9. The Directorate-General for Maritime Affairs and Fisheries announced a new EU-funded Mundus Masters programme "Blue Biotechnology Master for a Blue Career" set up by a consortium comprising La Rochelle University, Catholic University of Valencia, the University of Stirling, CIIMAR, the Conference of Peripheral and Maritime Regions, and two industry partners, Valbiotis and Xanthella. The postgraduate program follows a curriculum aimed at empowering students with blue biotechnology skills and has an initial intake of 40.

10. The Directorate-General for Maritime Affairs and Fisheries announced the latest edition of its Ocean Calls Podcast series which considers question: "Are Marine Protected Areas Working?" and "Should we eat wild or farmed Salmon?".

Fish Hygiene

11. During April 2023 there were 27 rapid alert notifications for fishery products. There were 5 rapid alert notifications for bivalve mollusc products, 1 rapid alert notifications for cephalopod products, 5 rapid alert notifications for crustacean products, 16 rapid alert notifications for other fishery products and no rapid alert notifications for gastropod products. Alerts included 3 consignments of oysters and 3 consignments of hake from France, 3 consignments of shrimp from Ecuador and 4 consignments of swordfish from Spain.

12. The Commission published a report of audit carried out in Nicaragua in November 2022 to assess the compliance of sanitary conditions applied to fishery products exported to the EU, and in particular to follow up on the recommendations of a previous audit conducted in 2020 which resulted in the suspension of exports and de-listing of several export establishments. The audit found that several recommendations concerning the export of lobsters had been implemented, but deficiencies were still evident in relation to ineffective controls over the use of sulphite additives in shrimps. Whilst laboratory testing facilities are available, the results are not available in time to permit correction of non-compliances. In addition, the audit noted deficiencies in establishments that had not been detected by the Competent Authority inspectors, who were considered to still have insufficient training. Even where serious uncorrected deficiencies were identified in some establishments, the Competent Authority maintained them in the list of authorised exporters. The Competent Authority, the Institute for Agricultural Protection and Health, was once again requested to provide a guarantee that an approved action plan would be implemented.

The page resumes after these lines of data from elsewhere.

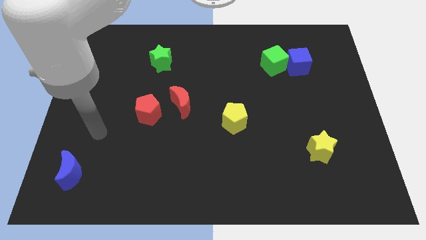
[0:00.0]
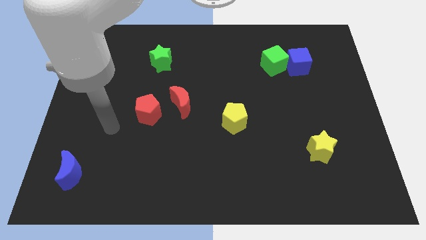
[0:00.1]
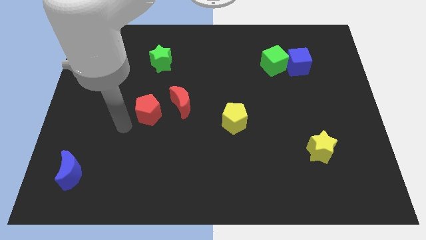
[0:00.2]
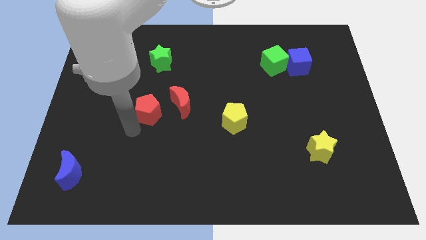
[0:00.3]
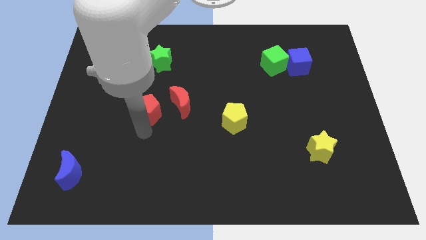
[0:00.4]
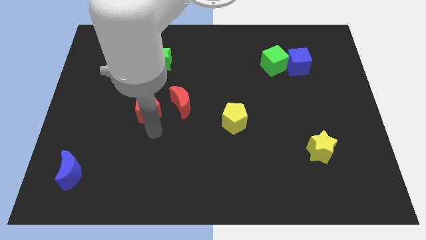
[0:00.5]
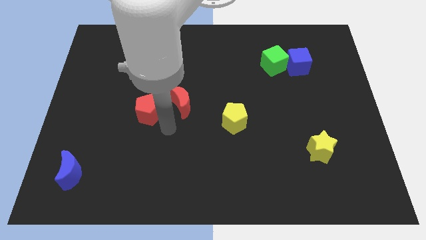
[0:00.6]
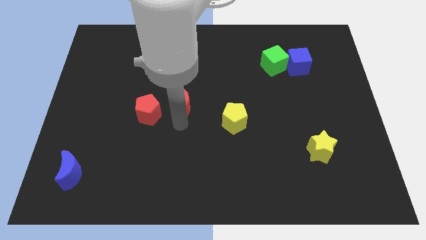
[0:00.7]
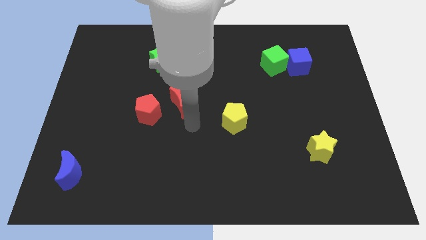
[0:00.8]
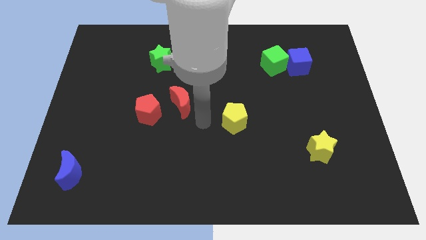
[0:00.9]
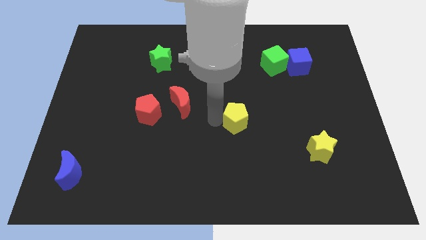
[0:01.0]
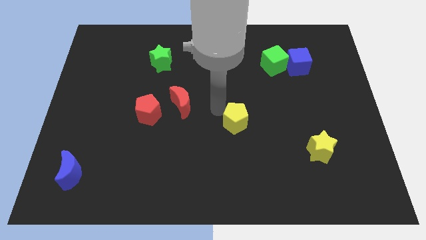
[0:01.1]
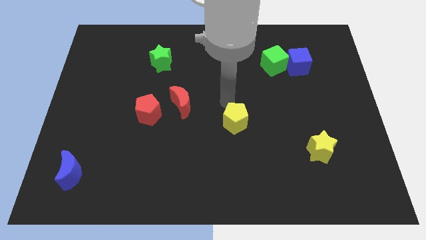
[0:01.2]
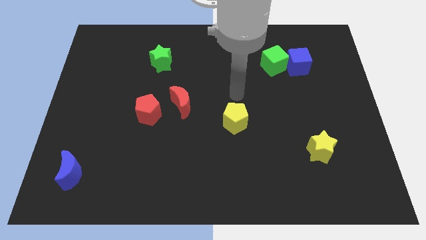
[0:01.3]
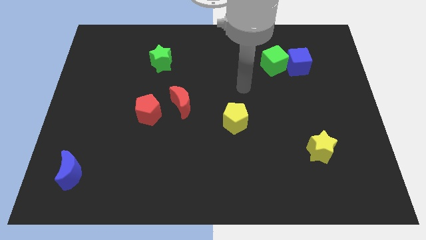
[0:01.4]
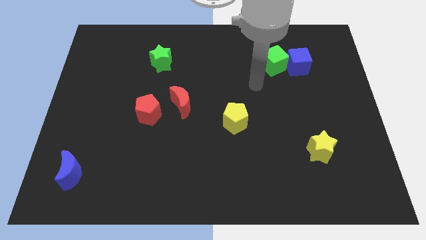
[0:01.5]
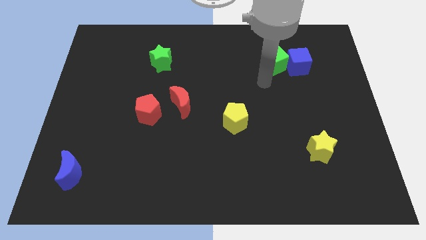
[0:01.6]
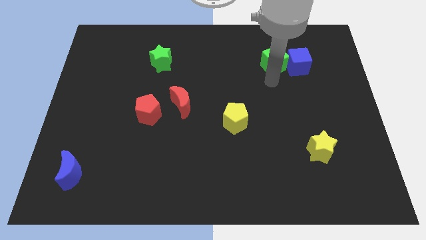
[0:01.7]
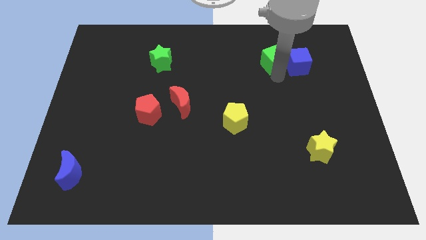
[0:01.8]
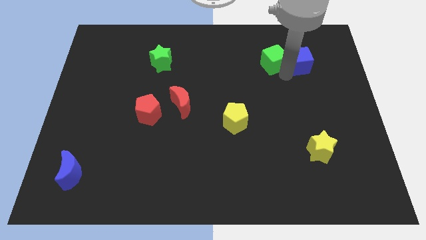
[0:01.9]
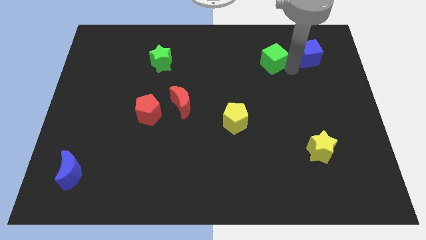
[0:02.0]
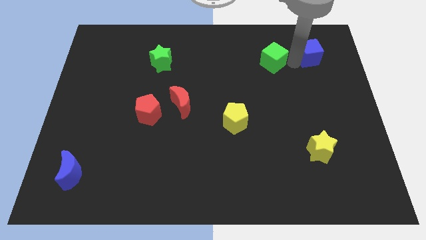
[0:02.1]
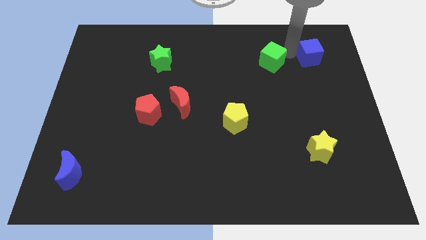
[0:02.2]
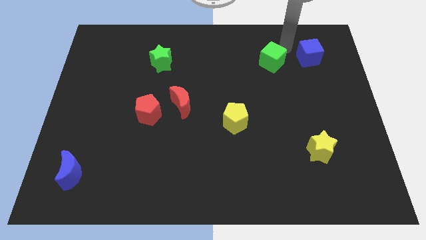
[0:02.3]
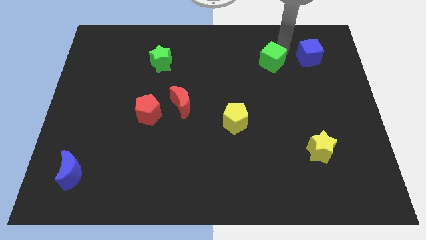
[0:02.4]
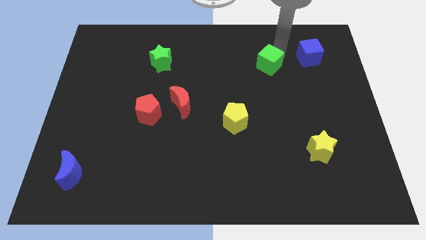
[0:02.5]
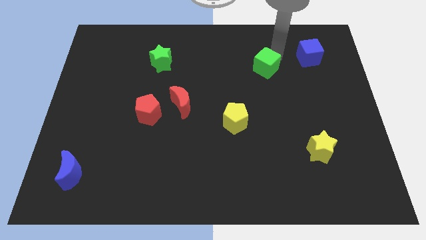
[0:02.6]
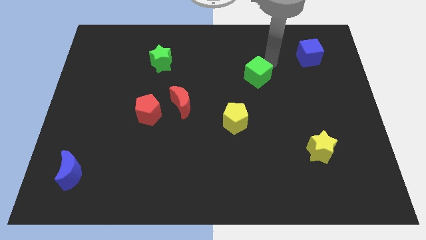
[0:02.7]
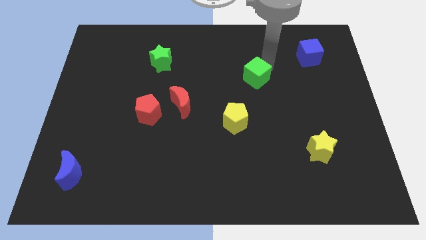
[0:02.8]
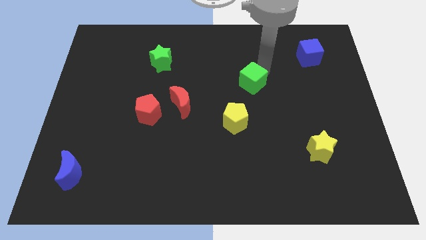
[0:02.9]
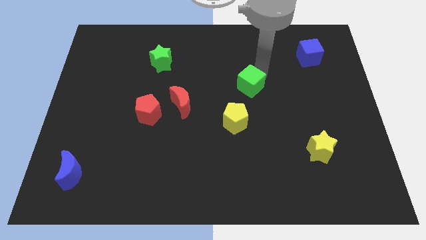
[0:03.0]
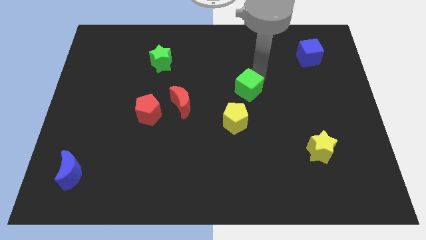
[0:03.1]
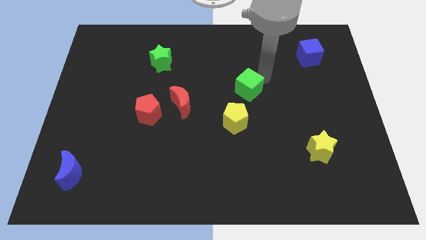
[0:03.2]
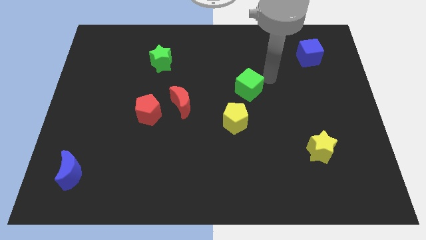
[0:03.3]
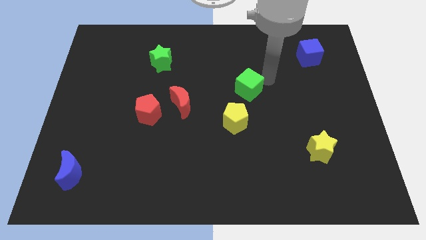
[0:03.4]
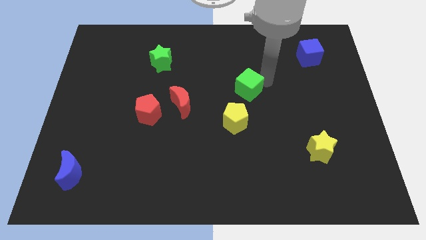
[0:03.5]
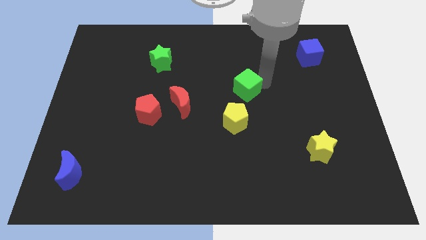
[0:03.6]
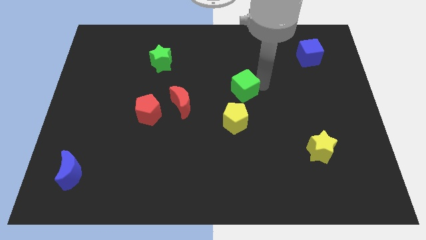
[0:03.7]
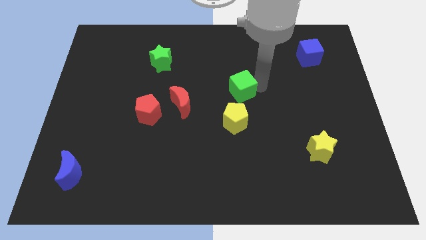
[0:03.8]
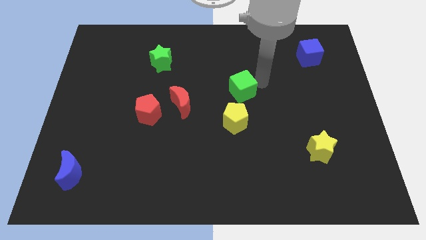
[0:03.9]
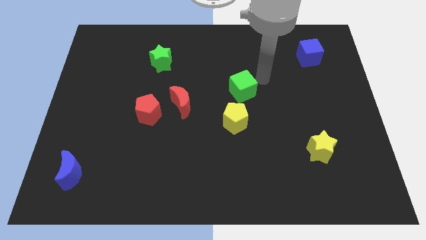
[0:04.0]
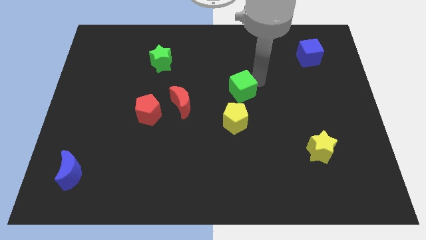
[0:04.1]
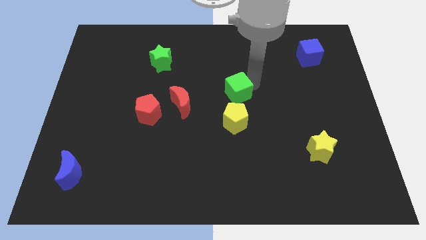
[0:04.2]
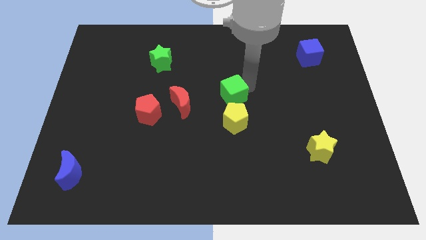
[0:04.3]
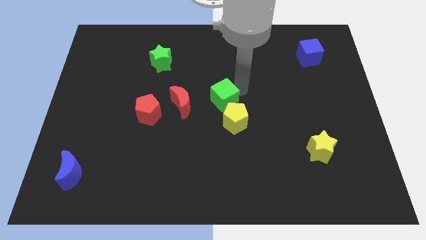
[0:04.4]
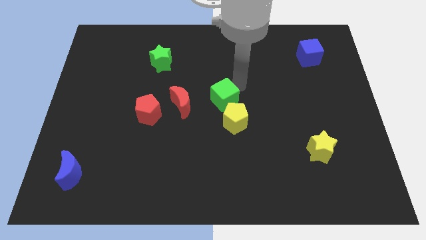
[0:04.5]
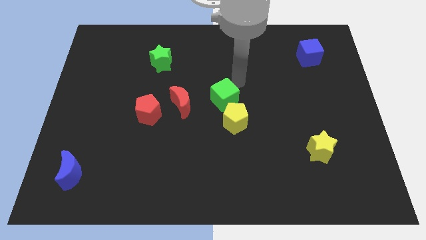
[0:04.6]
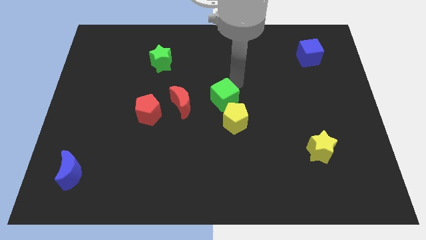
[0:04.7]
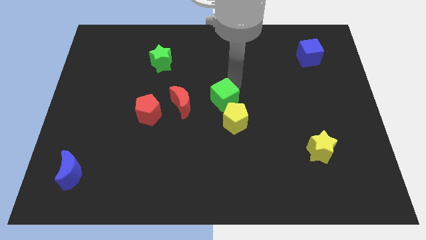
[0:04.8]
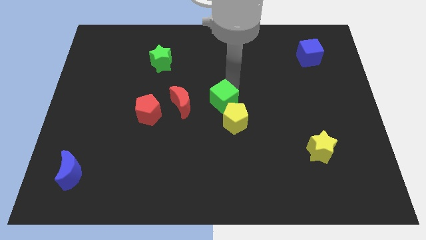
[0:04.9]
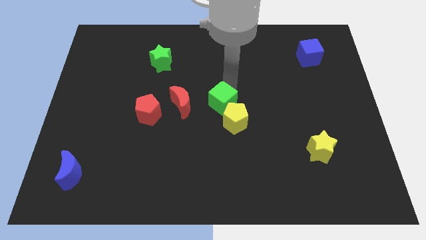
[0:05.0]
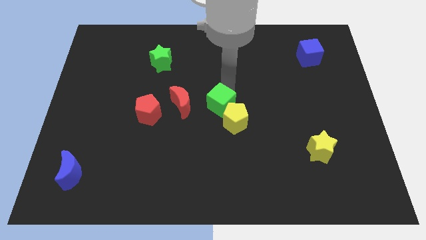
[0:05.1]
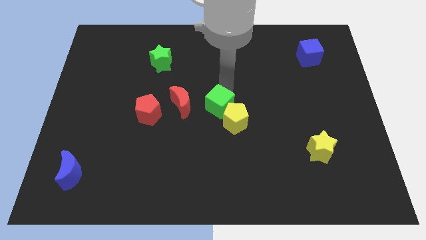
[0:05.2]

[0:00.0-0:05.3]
slide the green cube diagonally downwards and to the left

13. EFSA has re-evaluated the risk assessment on bisphenol A (BPA) based on 800 new studies published since January 2013. Their assessment finds that there is a health concern for consumers who are exposed across all age groups, and that this can have impacts on the human immune system, as well as affecting reproductive, developmental, and metabolic processes. BPA is used in plastics for the manufacture of water dispensers, various food storage containers and reusable beverage bottles. It is also used in epoxy resins used for protective coatings and linings for food cans and may migrate into the contents. The Commission will now consider what new risk management measures may be required.

14. The EU Food Fraud Newsletter for March 2023 indicated that the Mauritian authorities seized 3 tonnes of contraband fish. Italian authorities seized 3.6 tonnes of illegally fished seafood (including tuna) and 650 sea urchins without traceability documentation. Portuguese authorities also seized 8.5 tonnes of fresh and frozen octopus without traceability documentation.

15. The Commission has issued instructions for a coordinated multiannual control programme of the Union for 2024, 2025 and 2026 to ensure compliance with maximum residue levels of pesticides and to assess the consumer exposure to pesticide residues in and on food of plant and animal origin. The instruction follows EFSA's recommendations that a maximum residue level exceedance rate above 1 % could be estimated with a margin of error of 0,75 % by selecting 683 sample units for a minimum of 32 different products. On the basis of assessed risks, no aquaculture or fishery products are included.